Dutchfest raises thousands for school


MARION, Pa. - Shalom Christian Academy's Annual Dutchfest on Friday and Saturday enjoyed breezy spring weather and attracted thousands of people with its homemade pies and baked goods, pork barbecue, strawberry pies, french fries, funnel cakes, pizza, ice cream, crab cakes, and many other food items.

The main fund-raiser for the school, which was founded in 1976, Dutchfest also included several specialty auctions and numerous activities for children.

The academy is an independent kindergarten through 12th grade Christian day school. According to the school's Web site, it provides a quality education from a Biblical perspective with an Anabaptist emphasis.

Harry Lehman, chairman of the sale committee for the past six years, said it takes seven months of planning to bring off the event. Proceeds go to the school's general fund.


Lehman, of Chambersburg, Pa., also headed the Heifer Sale Committee.
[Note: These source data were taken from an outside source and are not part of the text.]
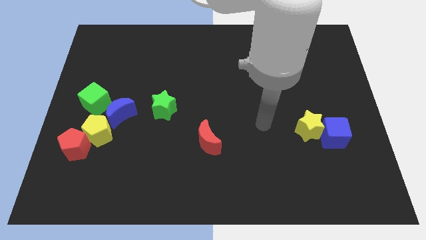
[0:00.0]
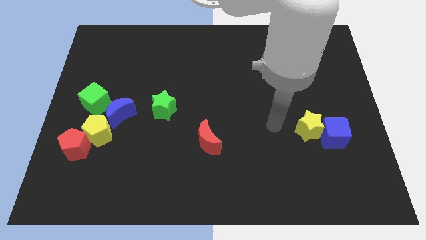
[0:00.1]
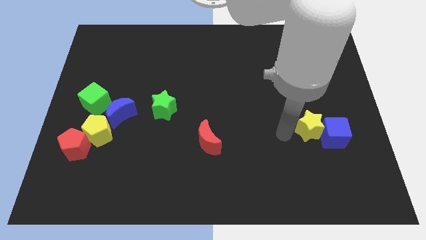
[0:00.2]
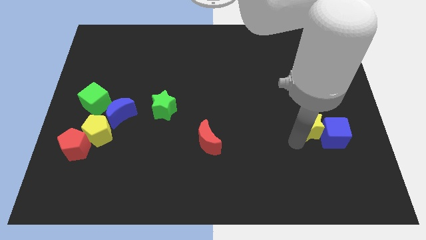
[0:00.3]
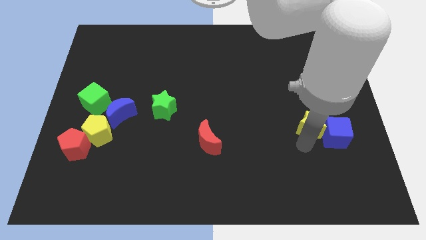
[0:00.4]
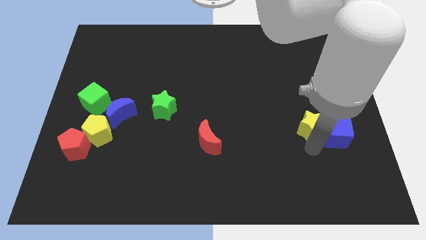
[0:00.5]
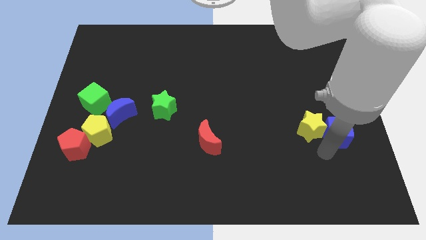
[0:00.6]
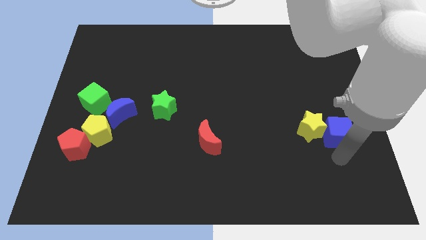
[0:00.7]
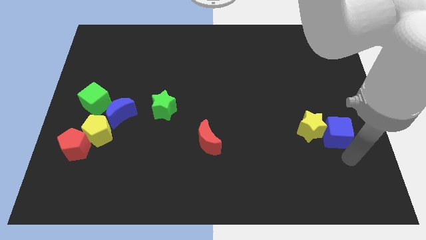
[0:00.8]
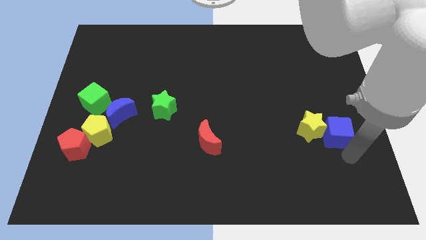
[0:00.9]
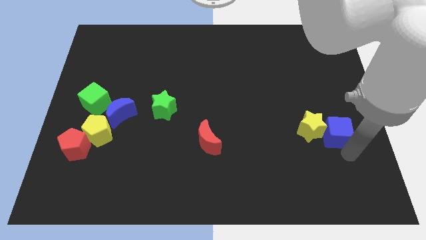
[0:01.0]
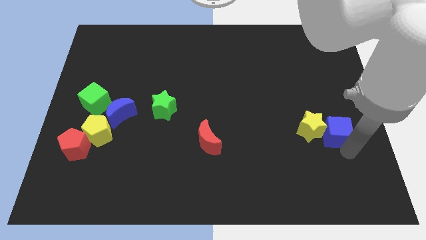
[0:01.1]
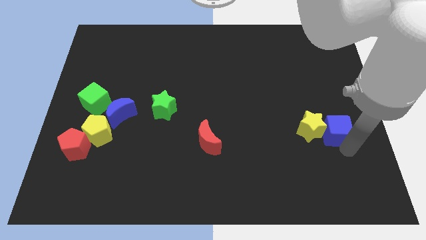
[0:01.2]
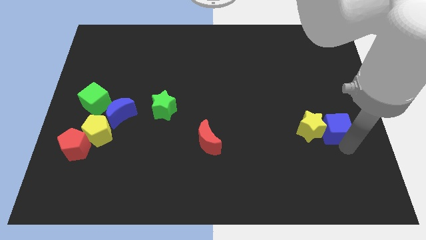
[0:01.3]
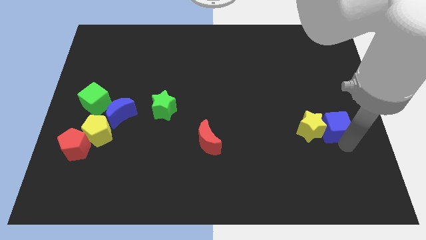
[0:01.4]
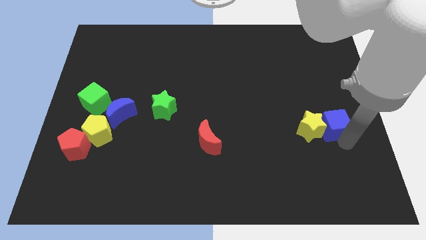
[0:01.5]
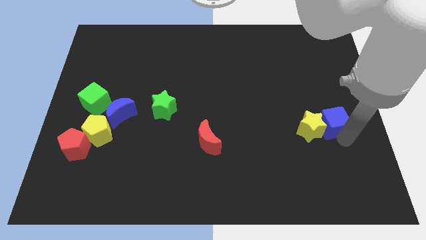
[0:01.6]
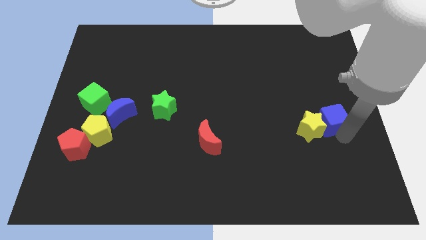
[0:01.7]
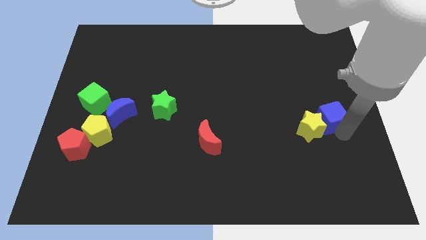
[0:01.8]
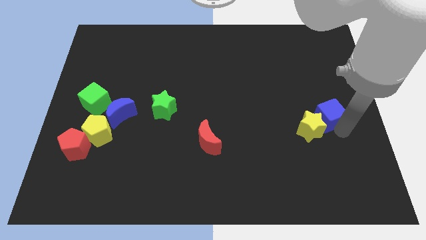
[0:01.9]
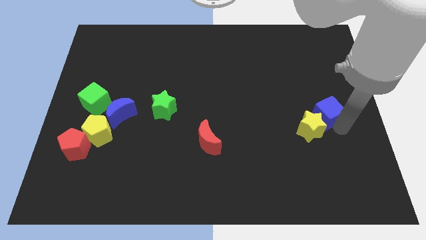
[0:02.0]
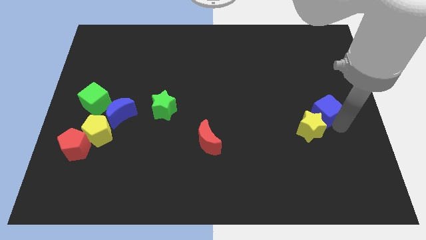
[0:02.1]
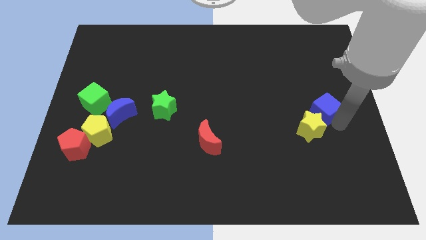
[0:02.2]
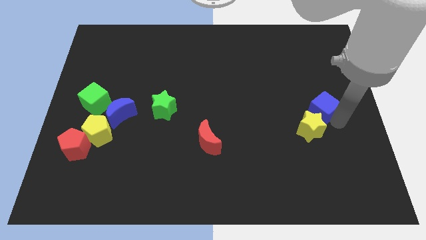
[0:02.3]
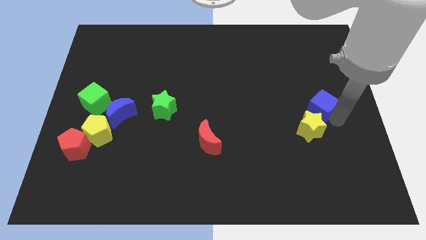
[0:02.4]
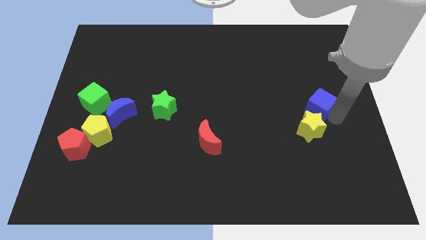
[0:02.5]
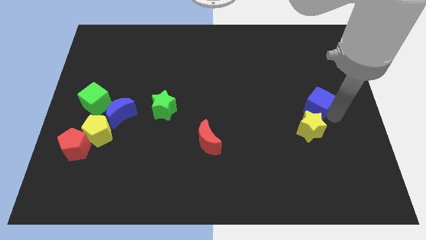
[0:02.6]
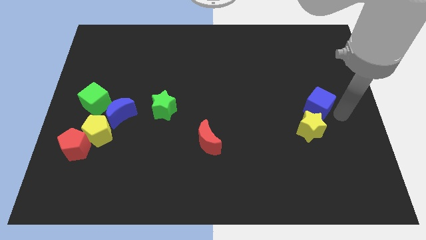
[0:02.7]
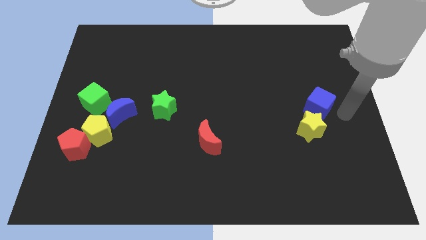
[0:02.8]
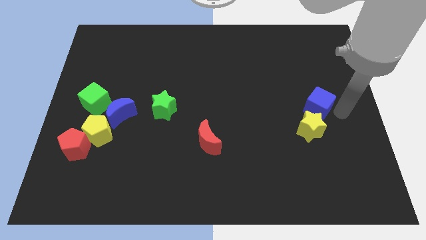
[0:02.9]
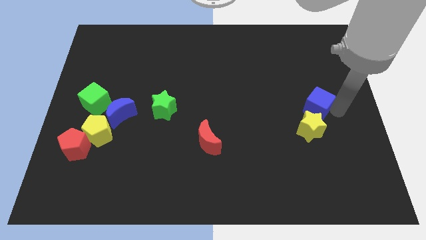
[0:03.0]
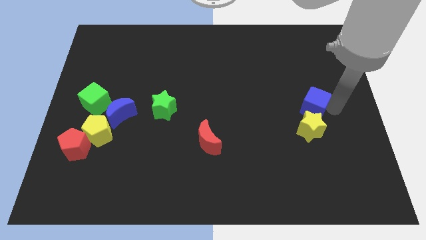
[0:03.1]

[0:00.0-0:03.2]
slide the blue cube upwards and left somewhat

He said that even though the dairy business is in a down turn, "we're happy with the 21 animals we got."

Held Friday evening, the heifer sale, which also includes other farm-related items, brought in $18,000.
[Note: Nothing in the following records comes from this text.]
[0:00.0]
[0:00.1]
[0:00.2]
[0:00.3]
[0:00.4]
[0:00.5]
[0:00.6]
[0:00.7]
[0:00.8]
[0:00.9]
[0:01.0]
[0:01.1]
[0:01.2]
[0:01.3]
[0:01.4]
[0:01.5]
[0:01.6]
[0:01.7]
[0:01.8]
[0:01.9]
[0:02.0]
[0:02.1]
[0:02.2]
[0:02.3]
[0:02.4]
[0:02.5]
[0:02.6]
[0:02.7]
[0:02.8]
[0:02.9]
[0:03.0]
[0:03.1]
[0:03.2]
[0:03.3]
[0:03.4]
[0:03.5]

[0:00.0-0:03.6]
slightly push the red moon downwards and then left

Another feature of the Friday auction was the sports memorabilia auction, at which a life-sized cutout of New York Yankee Derek Jeter was offered for sale.

Selling for $50 was a framed Cal Ripken Jr. Wheaties box with the number 2131, commemorating the Baltimore Oriole star playing in his 2,131st consecutive game to break Lou Gehrig's record. According to Mike Shaker, Shalom's director of development, "there are not many of these around. It's an outstanding piece."
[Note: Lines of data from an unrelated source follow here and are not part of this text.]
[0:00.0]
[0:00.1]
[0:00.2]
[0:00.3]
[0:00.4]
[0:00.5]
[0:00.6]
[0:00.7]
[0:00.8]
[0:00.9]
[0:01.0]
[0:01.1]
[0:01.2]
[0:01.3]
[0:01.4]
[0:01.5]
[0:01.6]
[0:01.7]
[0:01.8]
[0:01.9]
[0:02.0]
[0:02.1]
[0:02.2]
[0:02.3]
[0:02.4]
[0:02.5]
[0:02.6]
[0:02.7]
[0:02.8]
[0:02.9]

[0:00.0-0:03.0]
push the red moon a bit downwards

A baseball signed by Willie Mays, centerfielder for the New York and San Francisco Giants, sold for $55.

Shaker coordinated the Sports Memorabilia event.

Area Longaberger Basket consultants, parents, grandparents and friends of Shalom donated 53 baskets, Boyds Bears, and pottery to the auction. A 25th anniversary flag basket brought $255.

The quilt sale brought in $19,500 for the school.

Co-chairpersons of the Quilt Committee were Tina Shank of Chambersburg and Marie Oberholzer of Greencastle, Pa. Fifty-six quilts, wall-hangings, afghans, and baby quilts, many made by mothers or grandmothers of Shalom students, were donated.

A highlight of this year's quilt sale were the two original C. Jean Horst appliqud quilts, copyrighted, dated and signed by the Lancaster, Pa. quilt designer. "We buy the top and have it quilted," Oberholzer said.

Horst's "Victorian Basket" quilt sold for $1,600 Saturday afternoon, the highest price for a quilt. Her wall hanging, "Star Bright," went for $650.

Each class sponsors a quilt or wall hanging. The kindergarten students put their hand prints and signatures on large quilt blocks, and the resulting 90-by-108-inch quilt sold for $875 to one of their parents.

Evelyn Hissong of Greencastle stitched a 45-by-55-inch "Amish Days" wall hanging. The center blocks of typical Amish scenes are preprinted, while the outside is pieced. The coordinating fabrics are all in Amish colors.

"The same one last year brought more than $300, and that's what urged me to make another one," Hissong said.